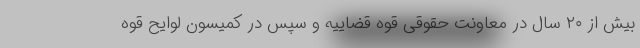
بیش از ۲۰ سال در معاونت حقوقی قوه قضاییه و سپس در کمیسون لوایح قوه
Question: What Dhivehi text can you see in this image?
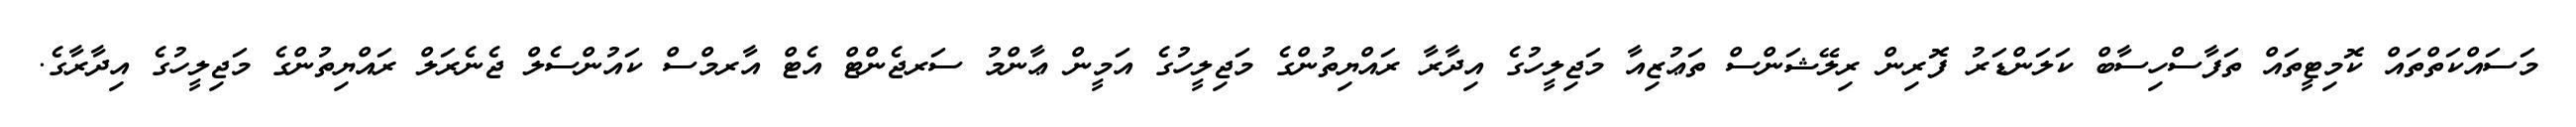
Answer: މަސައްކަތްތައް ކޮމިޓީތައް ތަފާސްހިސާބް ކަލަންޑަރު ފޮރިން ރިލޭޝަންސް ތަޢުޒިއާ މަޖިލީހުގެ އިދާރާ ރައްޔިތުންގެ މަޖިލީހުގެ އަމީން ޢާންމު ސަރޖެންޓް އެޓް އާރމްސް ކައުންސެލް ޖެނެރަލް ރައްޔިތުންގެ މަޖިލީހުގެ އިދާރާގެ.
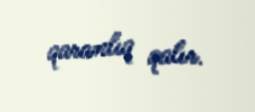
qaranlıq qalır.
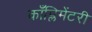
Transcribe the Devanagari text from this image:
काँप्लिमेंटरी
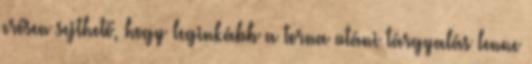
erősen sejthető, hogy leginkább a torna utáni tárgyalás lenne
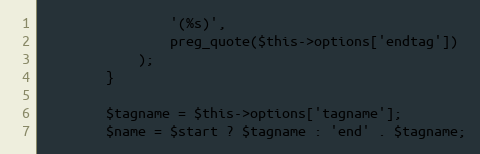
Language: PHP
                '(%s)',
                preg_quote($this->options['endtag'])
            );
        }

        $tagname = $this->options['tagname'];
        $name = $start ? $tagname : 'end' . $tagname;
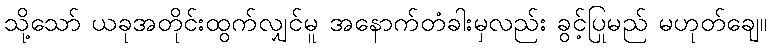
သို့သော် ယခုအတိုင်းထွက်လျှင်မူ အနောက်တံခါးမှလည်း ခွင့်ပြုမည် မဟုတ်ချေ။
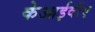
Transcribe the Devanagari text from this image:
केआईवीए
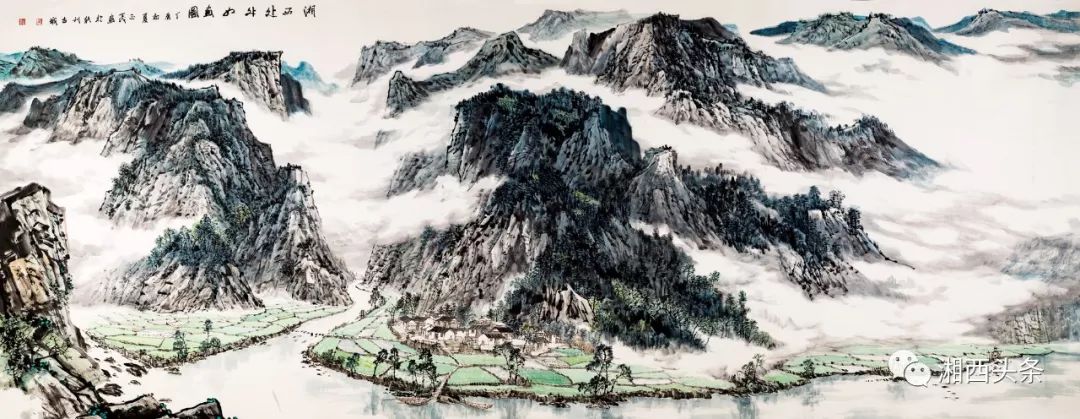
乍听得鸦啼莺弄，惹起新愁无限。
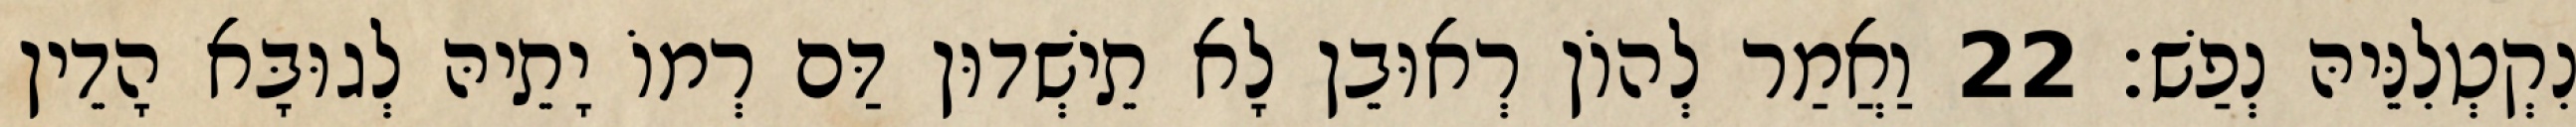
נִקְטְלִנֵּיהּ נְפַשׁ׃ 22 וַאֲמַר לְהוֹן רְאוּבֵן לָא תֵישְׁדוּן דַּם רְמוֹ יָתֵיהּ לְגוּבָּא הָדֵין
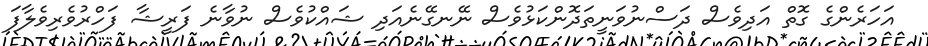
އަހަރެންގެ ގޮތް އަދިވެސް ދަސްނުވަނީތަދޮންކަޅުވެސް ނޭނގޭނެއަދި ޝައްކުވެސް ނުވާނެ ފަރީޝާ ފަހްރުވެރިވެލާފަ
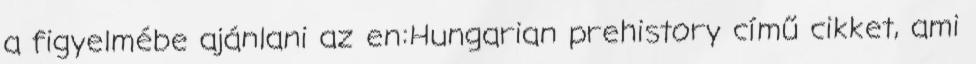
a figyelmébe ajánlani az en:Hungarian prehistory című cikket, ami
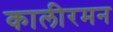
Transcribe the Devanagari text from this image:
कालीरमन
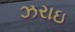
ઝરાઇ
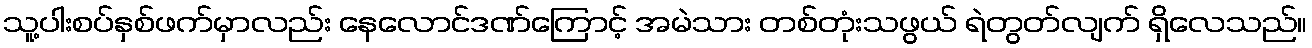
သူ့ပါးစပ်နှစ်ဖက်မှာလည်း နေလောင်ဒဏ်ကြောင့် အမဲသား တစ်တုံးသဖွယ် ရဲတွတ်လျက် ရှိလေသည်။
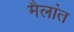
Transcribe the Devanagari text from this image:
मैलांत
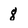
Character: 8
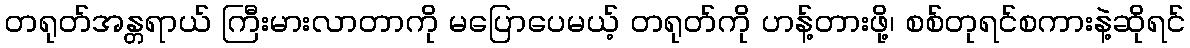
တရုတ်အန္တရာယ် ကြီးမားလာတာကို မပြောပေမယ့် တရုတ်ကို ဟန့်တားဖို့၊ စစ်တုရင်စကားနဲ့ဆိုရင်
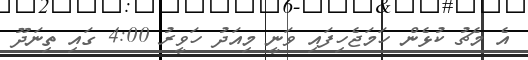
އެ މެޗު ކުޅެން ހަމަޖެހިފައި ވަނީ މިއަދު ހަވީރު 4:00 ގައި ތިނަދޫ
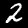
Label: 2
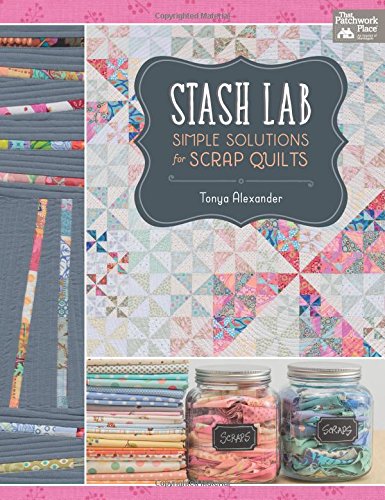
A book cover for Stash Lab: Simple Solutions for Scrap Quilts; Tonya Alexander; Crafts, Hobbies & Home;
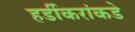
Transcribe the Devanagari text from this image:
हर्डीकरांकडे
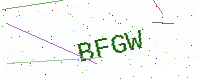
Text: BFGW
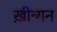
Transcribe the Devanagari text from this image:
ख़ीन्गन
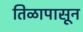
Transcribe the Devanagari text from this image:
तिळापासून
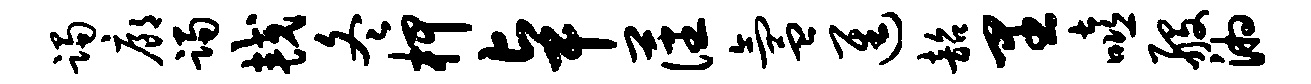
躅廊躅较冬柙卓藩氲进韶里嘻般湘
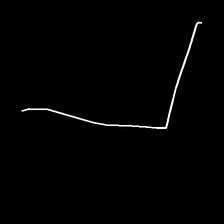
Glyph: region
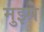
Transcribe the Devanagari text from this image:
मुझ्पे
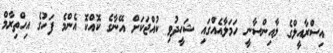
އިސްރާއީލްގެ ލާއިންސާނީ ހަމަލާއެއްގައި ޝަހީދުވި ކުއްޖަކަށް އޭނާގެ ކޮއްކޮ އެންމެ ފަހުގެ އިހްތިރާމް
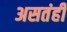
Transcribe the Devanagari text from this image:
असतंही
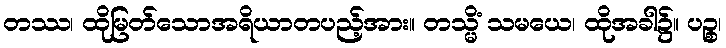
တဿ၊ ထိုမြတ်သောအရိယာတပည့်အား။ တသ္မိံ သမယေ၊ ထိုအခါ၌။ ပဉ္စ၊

☆ ☆ ☆

# PROBLEM DESCRIPTION
Your copy must begin at the line containing "Question: What Dhivehi" and end at the last line of the material above. Reproduce each line exactly, but not the pictures.

# EXERCISE OUTPUT
Question: What Dhivehi text can you see in this image?
Answer: މަސައްކަތްތައް ކޮމިޓީތައް ތަފާސްހިސާބް ކަލަންޑަރު ފޮރިން ރިލޭޝަންސް ތަޢުޒިއާ މަޖިލީހުގެ އިދާރާ ރައްޔިތުންގެ މަޖިލީހުގެ އަމީން ޢާންމު ސަރޖެންޓް އެޓް އާރމްސް ކައުންސެލް ޖެނެރަލް ރައްޔިތުންގެ މަޖިލީހުގެ އިދާރާގެ.
qaranlıq qalır.
Transcribe the Devanagari text from this image:
काँप्लिमेंटरी
erősen sejthető, hogy leginkább a torna utáni tárgyalás lenne
Language: PHP
                '(%s)',
                preg_quote($this->options['endtag'])
            );
        }

        $tagname = $this->options['tagname'];
        $name = $start ? $tagname : 'end' . $tagname;
သို့သော် ယခုအတိုင်းထွက်လျှင်မူ အနောက်တံခါးမှလည်း ခွင့်ပြုမည် မဟုတ်ချေ။
Transcribe the Devanagari text from this image:
केआईवीए
乍听得鸦啼莺弄，惹起新愁无限。
נִקְטְלִנֵּיהּ נְפַשׁ׃ 22 וַאֲמַר לְהוֹן רְאוּבֵן לָא תֵישְׁדוּן דַּם רְמוֹ יָתֵיהּ לְגוּבָּא הָדֵין
އަހަރެންގެ ގޮތް އަދިވެސް ދަސްނުވަނީތަދޮންކަޅުވެސް ނޭނގޭނެއަދި ޝައްކުވެސް ނުވާނެ ފަރީޝާ ފަހްރުވެރިވެލާފަ
a figyelmébe ajánlani az en:Hungarian prehistory című cikket, ami
Transcribe the Devanagari text from this image:
कालीरमन
ઝરાઇ
သူ့ပါးစပ်နှစ်ဖက်မှာလည်း နေလောင်ဒဏ်ကြောင့် အမဲသား တစ်တုံးသဖွယ် ရဲတွတ်လျက် ရှိလေသည်။
Transcribe the Devanagari text from this image:
मैलांत
Character: 8
တရုတ်အန္တရာယ် ကြီးမားလာတာကို မပြောပေမယ့် တရုတ်ကို ဟန့်တားဖို့၊ စစ်တုရင်စကားနဲ့ဆိုရင်
އެ މެޗު ކުޅެން ހަމަޖެހިފައި ވަނީ މިއަދު ހަވީރު 4:00 ގައި ތިނަދޫ
Label: 2
A book cover for Stash Lab: Simple Solutions for Scrap Quilts; Tonya Alexander; Crafts, Hobbies & Home;
Transcribe the Devanagari text from this image:
हर्डीकरांकडे
Text: BFGW
Transcribe the Devanagari text from this image:
ख़ीन्गन
Transcribe the Devanagari text from this image:
तिळापासून
躅廊躅较冬柙卓藩氲进韶里嘻般湘
Glyph: region
Transcribe the Devanagari text from this image:
मुझ्पे
އިސްރާއީލްގެ ލާއިންސާނީ ހަމަލާއެއްގައި ޝަހީދުވި ކުއްޖަކަށް އޭނާގެ ކޮއްކޮ އެންމެ ފަހުގެ އިހްތިރާމް
Transcribe the Devanagari text from this image:
असतंही
တဿ၊ ထိုမြတ်သောအရိယာတပည့်အား။ တသ္မိံ သမယေ၊ ထိုအခါ၌။ ပဉ္စ၊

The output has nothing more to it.